An immunohistochemical analysis of P-glycoprotein in retinoblastoma.

Sir,

Retinoblastoma is the most frequent primary intraocular malignancy in children.[1] Even with the use of multidrug chemotherapy regimens, drug resistance is a major problem while managing this vulnerable group of patients. Multidrug resistance (MDR), associated with expression of P-glycoprotein (P-gp), is one of the most known mechanisms of chemoresistance.[23] P-gp is a 170-kDa plasma membrane glycoprotein, which is known to cause an increased efflux of cytotoxic drugs from the cell. In other systemic malignancies, overexpression of P-gp has been associated with chemoresistance and poor prognosis.[2] We analyzed P-gp expression in retinoblastoma specimens enucleated either primarily or after neoadjuvant chemotherapy by immunohistochemistry and correlated this with the histopathological findings.

All eyes enucleated over a 1-year period from January 2010 to December 2010; enucleated either as a primary treatment (group I) or after three to five cycles of standard regimen vincristine, etoposide, and carboplatin (group II) were included in the study. Formalin fixed, paraffin-embedded sections from the enucleated sections were stained with hematoxylin and eosin for studying histopathological features (tumor differentiation and high-risk features). P-gp immunostaining was done and analyzed semiquantitatively as negative, low, or high expression [Figure 1]. Fischer's exact and chi-square tests were used for statistical analysis. Statistical significance was set at a P-value of less than 0.05.

Figure 1

Photomicrograph showing strong P-gp immunoreactivity in a well- differentiated retinoblastoma (immunostaining × 400)

There were a total of 49 eyes, 37 in group I (mean age 2.48 ± 1.27 years) and 12 in group II (mean age 3.21 ± 1.34); histopathological findings of both the groups are summarized in Table 1. In group I, there were 27% (10 of 37) eyes with positive P-gp expression, of which 5.4% (2 of 37) were high expressions. In group II, among 58.3% (7 of 12) positive cases, P-gp was highly expressed in 41.7% (5 of 12). The difference in the P-gp expression in the two groups was statistically significant (P = 0.0042). Among the well differentiated (WD) tumors (4 of 49), 50% (2 of 4) had high expression and among the well differentiated (PD) tumors (45 of 49), 11.1% (5 of 45) had a high P-gp expression. There was no statistically significant difference with P-gp expression in relation to tumor differentiation, laterality, and presence of high-risk histopathological features.

Table 1

Histopathology and P-gp expression in Groups I and II

From India, there has been one other study in which Krishnakumar et al. analyzed P-gp expression by imunohistochemistry prior to chemotherapy and studied the long-term follow-up.[4] In our study we found that 58.3% (7 of 12) retinoblastoma cases enucleated after chemotherapy had high expression of P-gp as compared with 27.0% (10 of 37) primarily enucleated cases. This significant difference in P-gp expression indicates that chemotherapy might have selected resistant clones of cells expressing high P-gp.

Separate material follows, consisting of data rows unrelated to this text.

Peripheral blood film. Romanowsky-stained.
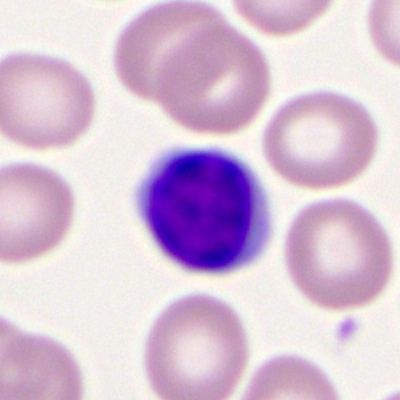
{"cell_type": "lymphocyte", "lineage": "lymphoid"}
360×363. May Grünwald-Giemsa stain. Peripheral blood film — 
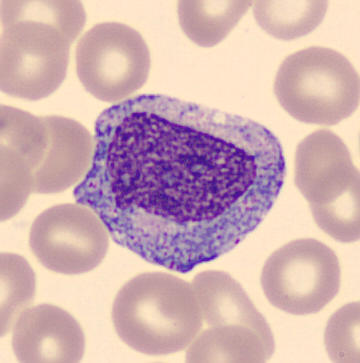
Specimen: peripheral blood film.
Morphological class: promyelocyte.
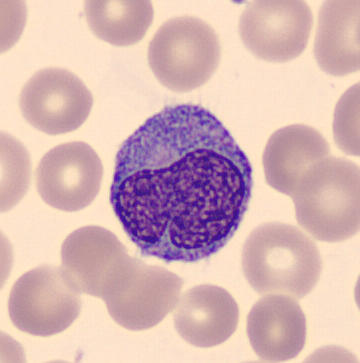 Cell type — monocyte.
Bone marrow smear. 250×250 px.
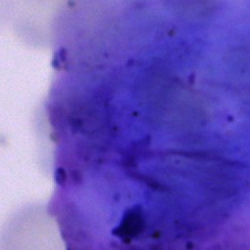

Impression — artifact.
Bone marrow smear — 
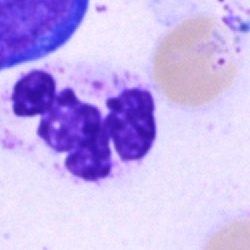Morphology → neutrophil (segmented).
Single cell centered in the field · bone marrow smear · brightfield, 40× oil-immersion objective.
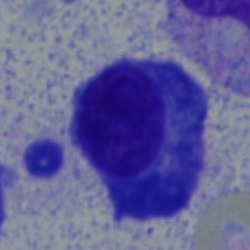Q: Which cell type is shown here?
A: Plasmacyte.
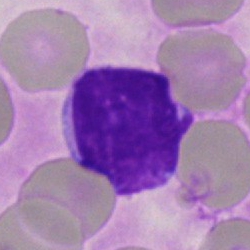Artifact.
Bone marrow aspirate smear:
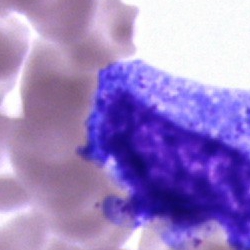 Morphological class = progranulocyte.
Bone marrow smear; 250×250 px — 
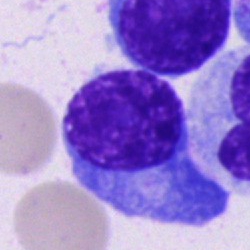 Cell type = plasma cell.
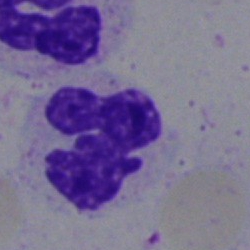 Cell = polymorphonuclear neutrophil.
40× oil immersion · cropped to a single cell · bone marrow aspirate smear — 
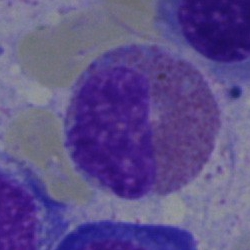

The morphological class is eosinophil.
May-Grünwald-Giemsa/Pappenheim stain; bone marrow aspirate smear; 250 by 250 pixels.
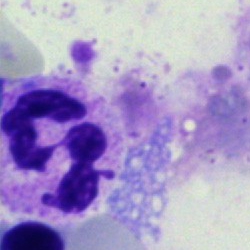Classification: neutrophil (segmented).
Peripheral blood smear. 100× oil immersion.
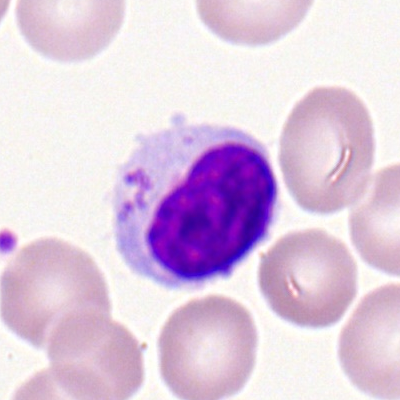

Impression → lymphocyte.

Though there have been a few studies studying the expression of P-gp in retinoblastoma and its relation to drug resistance, these were retrospective studies and the practical implication have not yet been well considered.[4-6] However, the high P-gp expression in chemotreated eyes in our study and in few other studies support that chemotherapy may have some role in high expression of P-gp in retinoblastoma. These findings could have important implications in understanding the mechanism of chemoresistance in retinoblastoma patients, and warrant further prospective investigation in a larger patient population.